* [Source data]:
********************

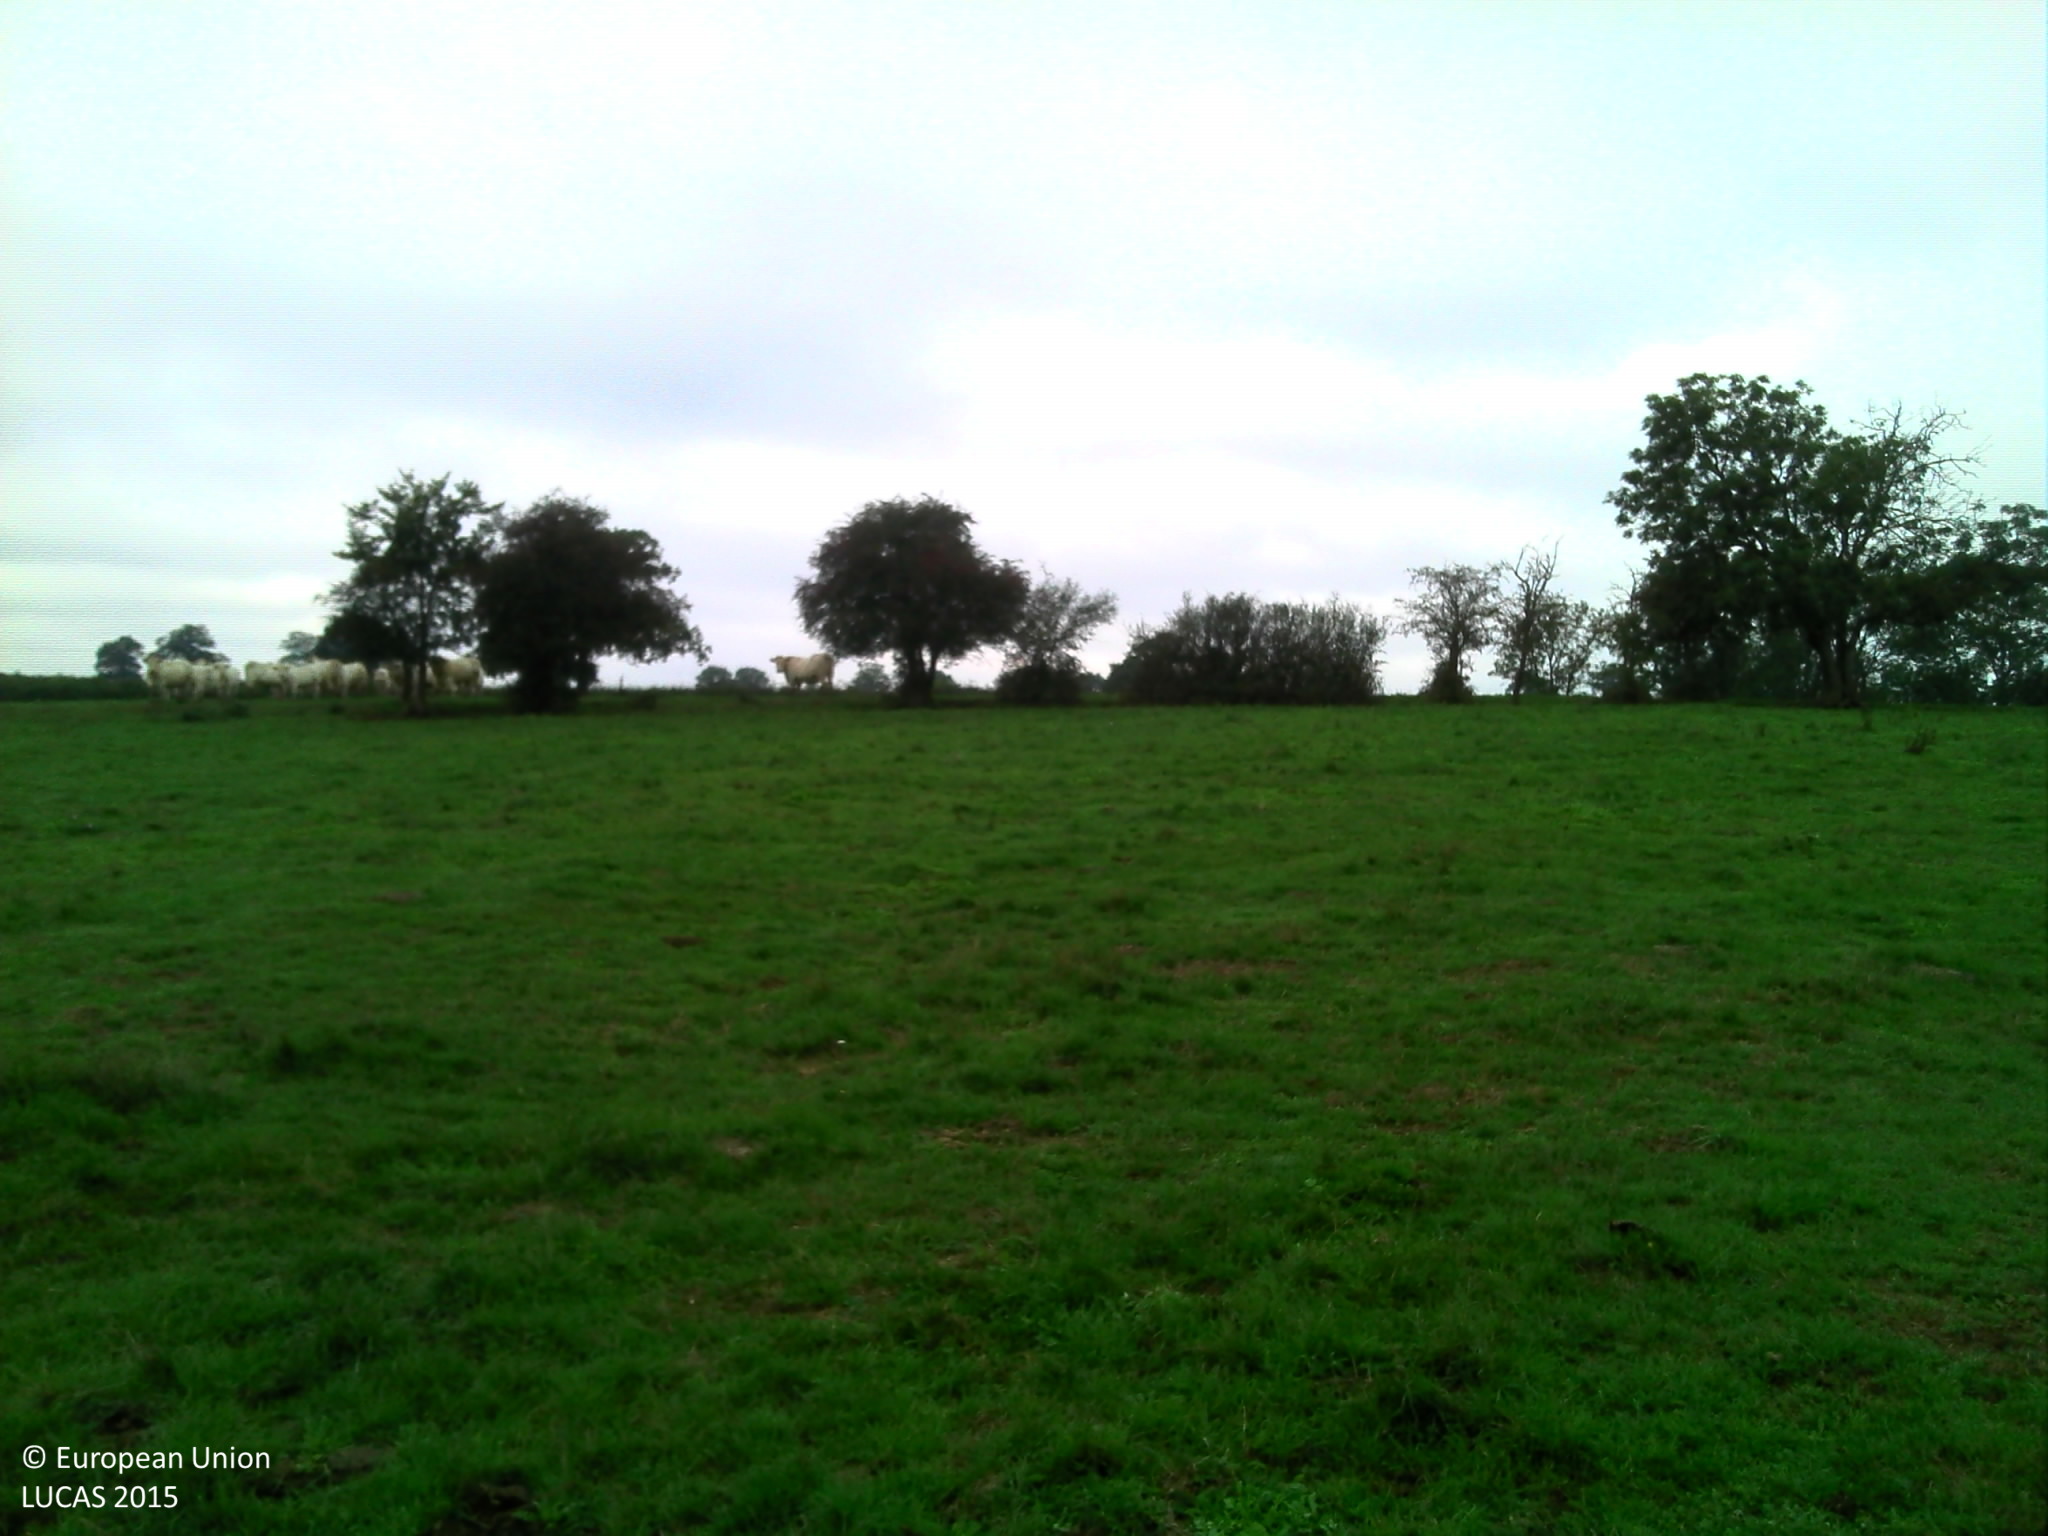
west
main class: Grassland
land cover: Grassland without tree/shrub cover
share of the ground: > 75 %
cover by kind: herbaceous plants 100 %
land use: Agriculture (excluding fallow land and kitchen gardens)
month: September
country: FR
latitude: 47.1649
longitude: 4.4724
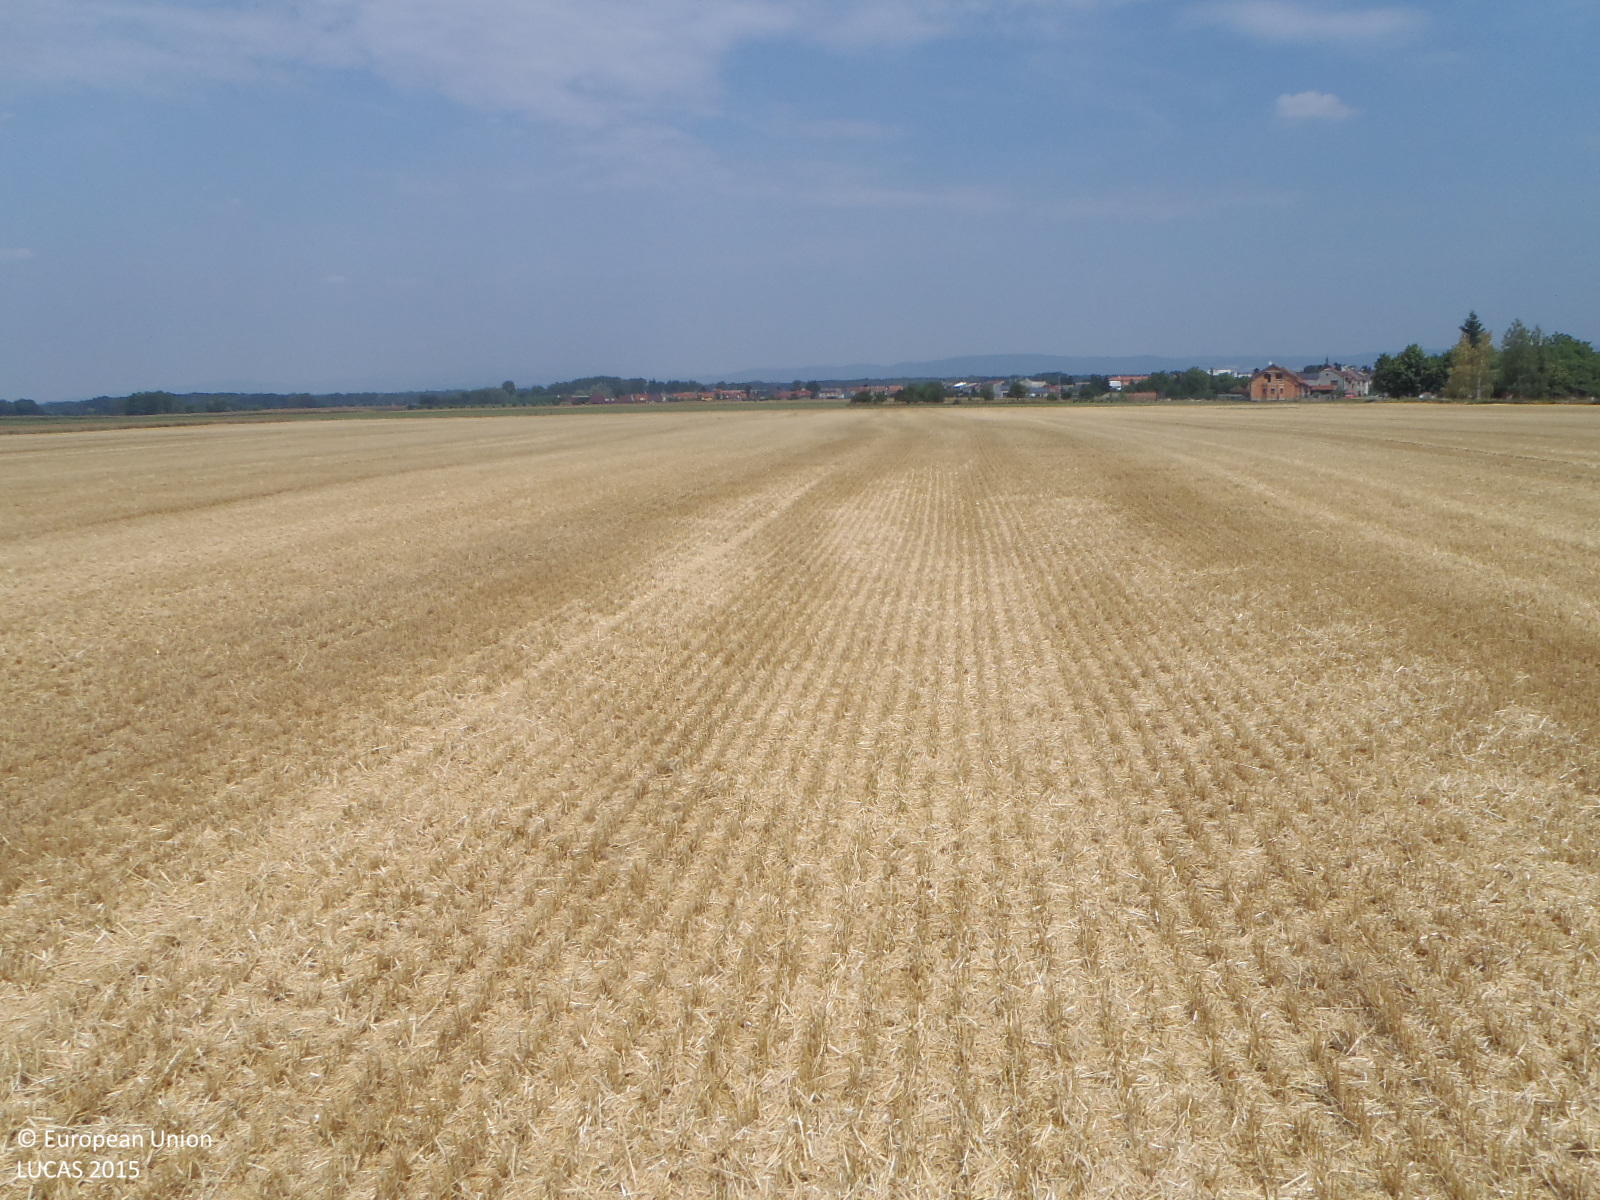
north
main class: Cropland
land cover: Barley
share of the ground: > 75 %
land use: Agriculture (excluding fallow land and kitchen gardens)
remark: Harvested field
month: July
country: CZ
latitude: 49.6335
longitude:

********************

* [WHAT THE TASK REQUIRES]: With the pictures dropped, give every entry above again exactly.

* [SOLUTION TO THE PROBLEM]:
west
main class: Grassland
land cover: Grassland without tree/shrub cover
share of the ground: > 75 %
cover by kind: herbaceous plants 100 %
land use: Agriculture (excluding fallow land and kitchen gardens)
month: September
country: FR
latitude: 47.1649
longitude: 4.4724
north
main class: Cropland
land cover: Barley
share of the ground: > 75 %
land use: Agriculture (excluding fallow land and kitchen gardens)
remark: Harvested field
month: July
country: CZ
latitude: 49.6335
longitude:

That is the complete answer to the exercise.